=== Supplied records ===

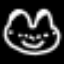
Label: frog
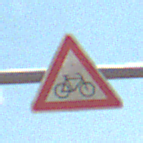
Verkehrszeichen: RadverkehrLinks
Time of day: Midday
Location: Outdoor (Suburban)
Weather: PartlyCloudy
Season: NotSpecified
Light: Natural
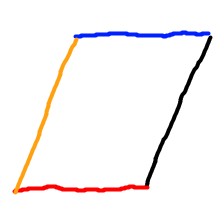
Shape: parallelogram
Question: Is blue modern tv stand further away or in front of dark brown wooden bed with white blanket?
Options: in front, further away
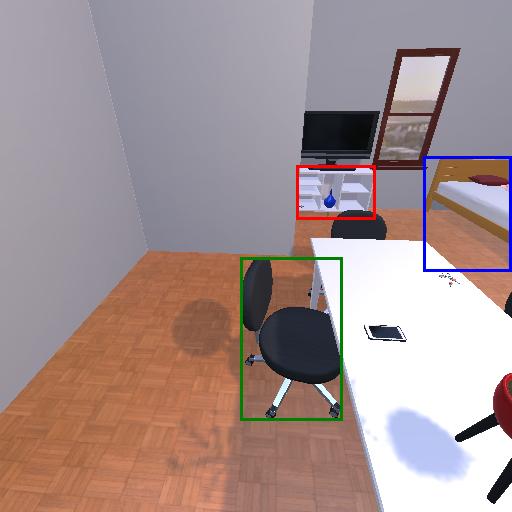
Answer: in front
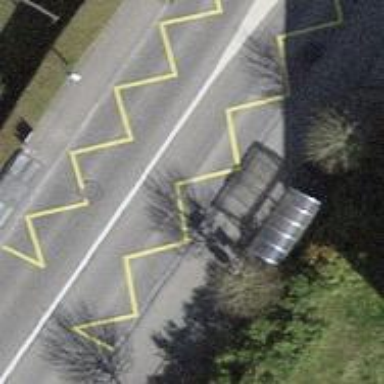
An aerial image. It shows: Bus stop with stop position for public transport.
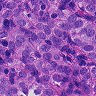
Metastatic tissue present: yes
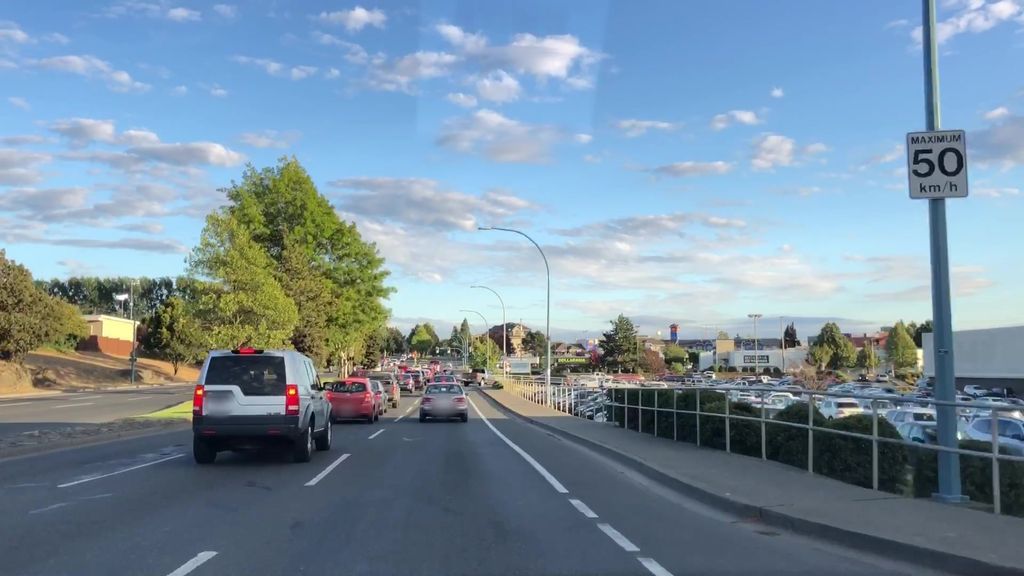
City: victoria
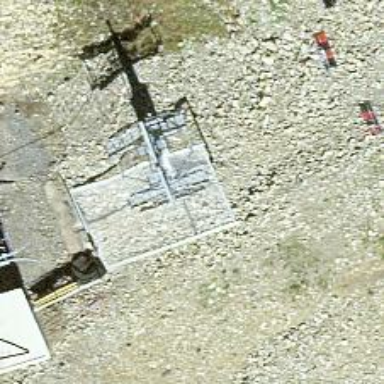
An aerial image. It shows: Pylon used for aerialway.
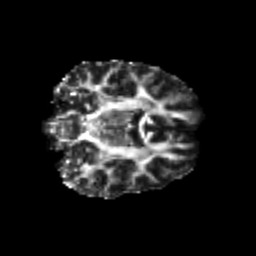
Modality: FA
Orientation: coronal
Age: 23
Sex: female
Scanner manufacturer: siemens
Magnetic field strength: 3 T
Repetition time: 3.5 s
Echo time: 0.104 s
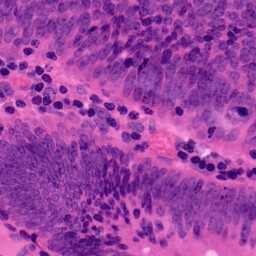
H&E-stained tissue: Colon
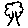
Label: tree
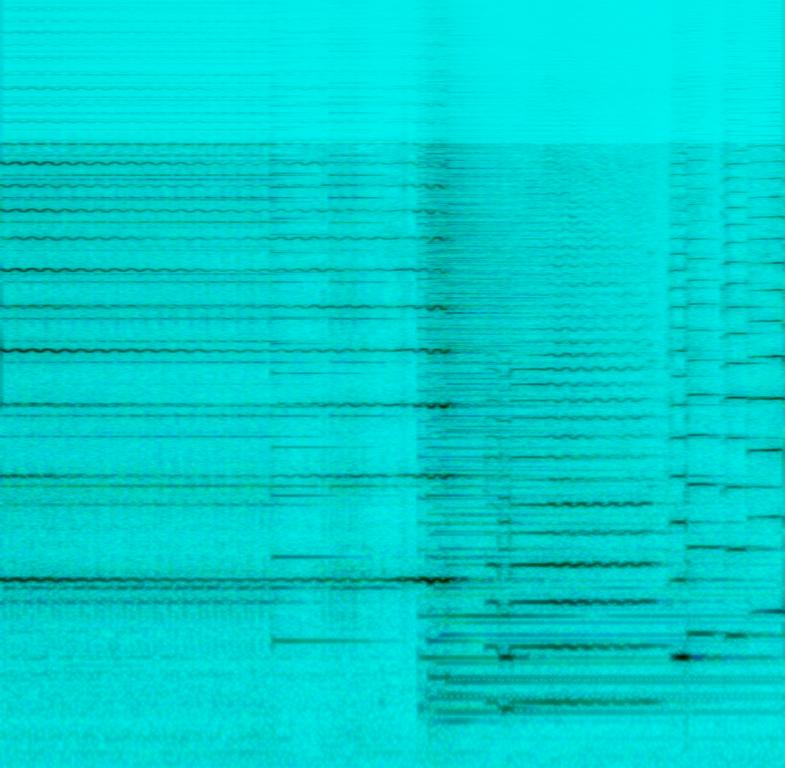
We hear a viola and harpsichord being played, with the overall emotion of the piece being thrilling and suspenseful. A high tremolo is played on the violin, which creates the feeling of an energy build-up. This is a classical style piece.
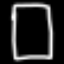
Label: square

===

• [Task statement]: All lines from the line with "Verkehrszeichen: RadverkehrLinks" through the final line of the data, both included, are to be repeated exactly; no other lines and no pictures.

• [Solution for this task]:
Verkehrszeichen: RadverkehrLinks
Time of day: Midday
Location: Outdoor (Suburban)
Weather: PartlyCloudy
Season: NotSpecified
Light: Natural
Shape: parallelogram
Question: Is blue modern tv stand further away or in front of dark brown wooden bed with white blanket?
Options: in front, further away
Answer: in front
An aerial image. It shows: Bus stop with stop position for public transport.
Metastatic tissue present: yes
City: victoria
An aerial image. It shows: Pylon used for aerialway.
Modality: FA
Orientation: coronal
Age: 23
Sex: female
Scanner manufacturer: siemens
Magnetic field strength: 3 T
Repetition time: 3.5 s
Echo time: 0.104 s
H&E-stained tissue: Colon
Label: tree
We hear a viola and harpsichord being played, with the overall emotion of the piece being thrilling and suspenseful. A high tremolo is played on the violin, which creates the feeling of an energy build-up. This is a classical style piece.
Label: square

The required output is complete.